Mr. Euritis wants to distribute 2008 euros between Alberto, Benito and Carlos as follows: give € 1 to Alberto, € 2 to Benito, € 3 to Carlos, then € 4 to Alberto, € 5 to Benito, € 6 to Carlos , and so on, until you run out of money or cannot deliver the amount you touch.

**How much money does Benito receive and how much money will Mr. Euritis have left?**

Extracted from the problemate.blogspot.com.es page.

#### Solution

If we try to calculate how many laps Mr. Euritis takes, adding one by one the euros he gives, we will probably get tired, but there is a trick.

For example, in the fourth round, we will have to add 1 + 2 + 3 + 4 + 5 + 6 + 7 + 8 + 9 + 10 + 11 + 12, which is a long sum. If we group it in a certain way, it probably looks like something else. You will see that if we put 1 + 12 + 2 + 11 + 3 + 10 + 4 + 9 + 5 + 8 + 6 + 7, there is an interesting regularity: every two addends add the same, that is, it is 13 + 13 + 13 + 13 + 13 + 13, or what is the same 13 six times. And it's six times because it's half of the total sum. Since 13 * 6 = 65, we are still far from 2008, but we have a method.

What if the number of addends is odd? Well, it also comes out. Imagine that we add up to the fifth round, we have to 1 + 2 + 3 + 4 + 5 + 6 + 7 + 8 + 9 + 10 + 11 + 12 + 13 + 14 + 15 = 1 + 15 + 2 + 14 + 3 + 13 + 4 + 12 + 5 + 11 + 6 + 10 + 7 + 9 + 8 = 16 + 16 + 16 + 16 + 16 + 16 + 16 + 8 = 16 * 7.5 = 120. Note that although we match all the In addition, one is left without a partner, since it is odd, but it is worth exactly half the sum of two, so it is as if you had the exact half of addends than before.

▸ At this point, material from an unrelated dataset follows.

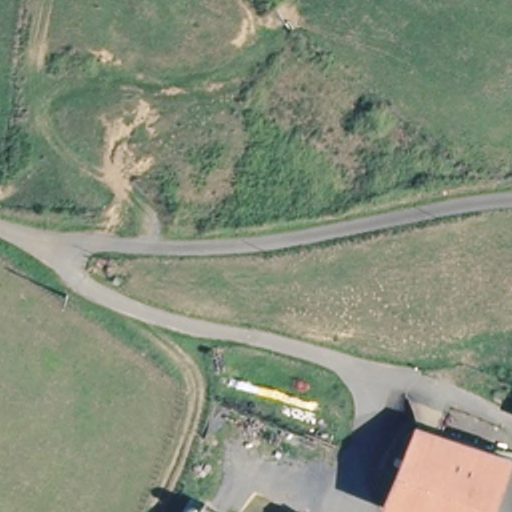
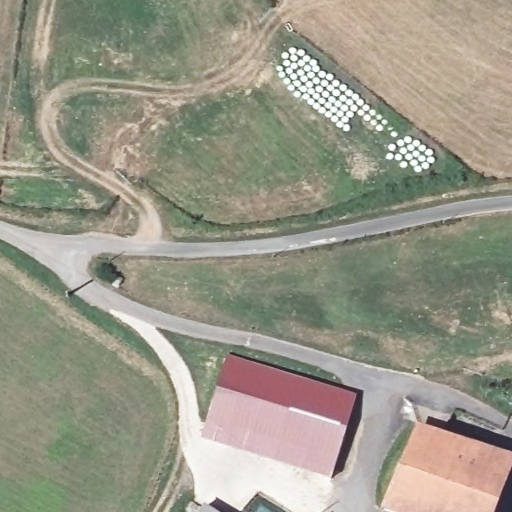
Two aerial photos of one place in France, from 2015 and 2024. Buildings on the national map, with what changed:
new [(228,356),(358,395),(333,476),(203,437),(228,356)]
unchanged [(490,512),(399,512),(386,506),(420,429),(512,462),(490,512)]
unchanged [(215,512),(199,512),(203,505),(215,512)]

If we assume that he has done n laps adding euros, we will have distributed 1 + 2 + 3 + ... + 3n = (3n + 1) * 3n / 2, that is, the sum of the last plus the first for the total of addends match For 2.

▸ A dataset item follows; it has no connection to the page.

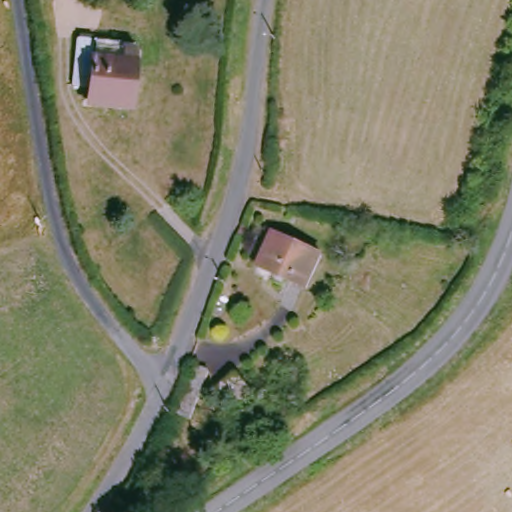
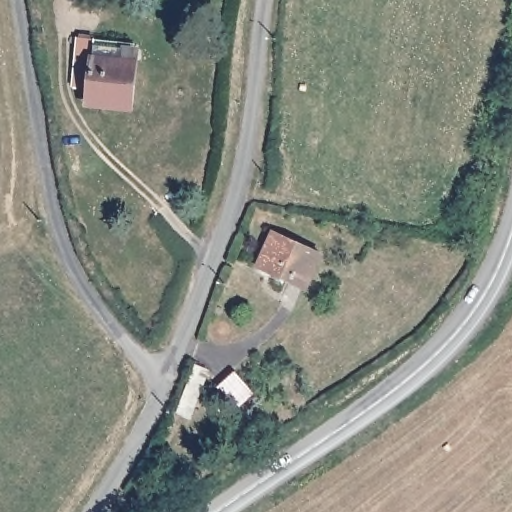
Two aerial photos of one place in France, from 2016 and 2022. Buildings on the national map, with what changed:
unchanged [(143,48),(134,110),(95,106),(95,93),(77,90),(84,41),(143,48)]
unchanged [(323,250),(305,286),(257,263),(274,228),(323,250)]
unchanged [(203,383),(196,399),(182,395),(191,378),(203,383)]

And this number we want to approach 2008, that is, (3n + 1) * 3n / 2 = 2008 (approximately). If we solve it as if it were an equation, we multiply by 2, and it remains (3n + 1) * 3n = 4016, where 9n2 + 3n = 4016, and we have the second degree equation 9n2 + 3n - 4016 = 0. Sure , that we are not looking for the exact solution, but the one that closest to 2008 produces the result without going over. The negative solution does not interest us, so we would have to n, approximately, (-3 + √ (9 + 4 * 9 * 4016)) / (2 * 9). The expression inside the root is 144585, whose root, rounding, is 380. If we subtract three it is 377, which, dividing it by 18 does not give exact, we round down to 20.

For n = 20, the sum gives 1830, while for 21 gives 2016.

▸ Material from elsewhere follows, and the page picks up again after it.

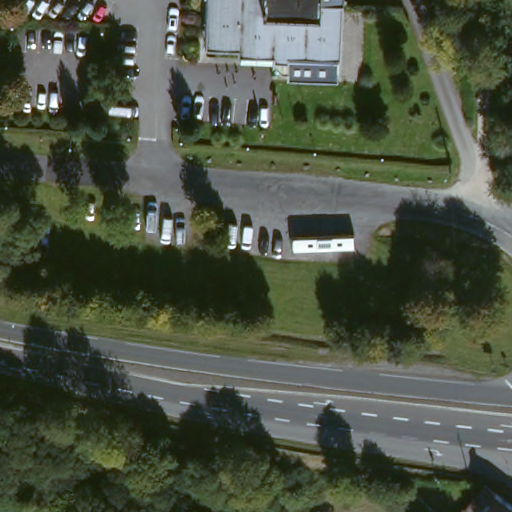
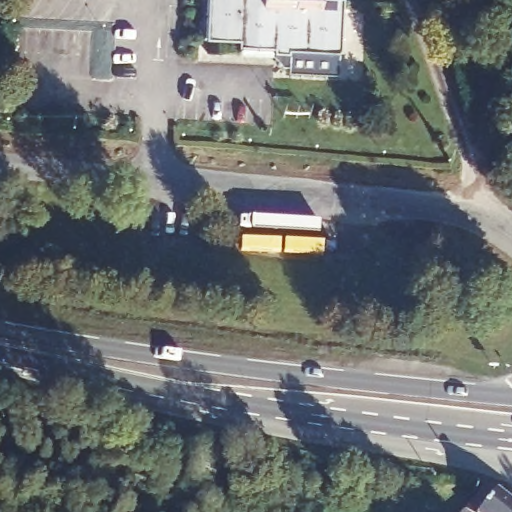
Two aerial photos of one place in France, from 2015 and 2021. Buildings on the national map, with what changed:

Then in the money delivery series, it will stop at number 20, and **will be left over 2008 - 1830 = € 178**.

How much have you given to Benito? To calculate this, we must add 2 + 5 + 8 +… + 56 + 59, which will be the sum that we place in position 20. Again, we observe that 2 + 59 = 5 + 56 = 61, if we choose the 20 addends of convenient way we will have 10 times 61, which means **a total for Benito of € 610**.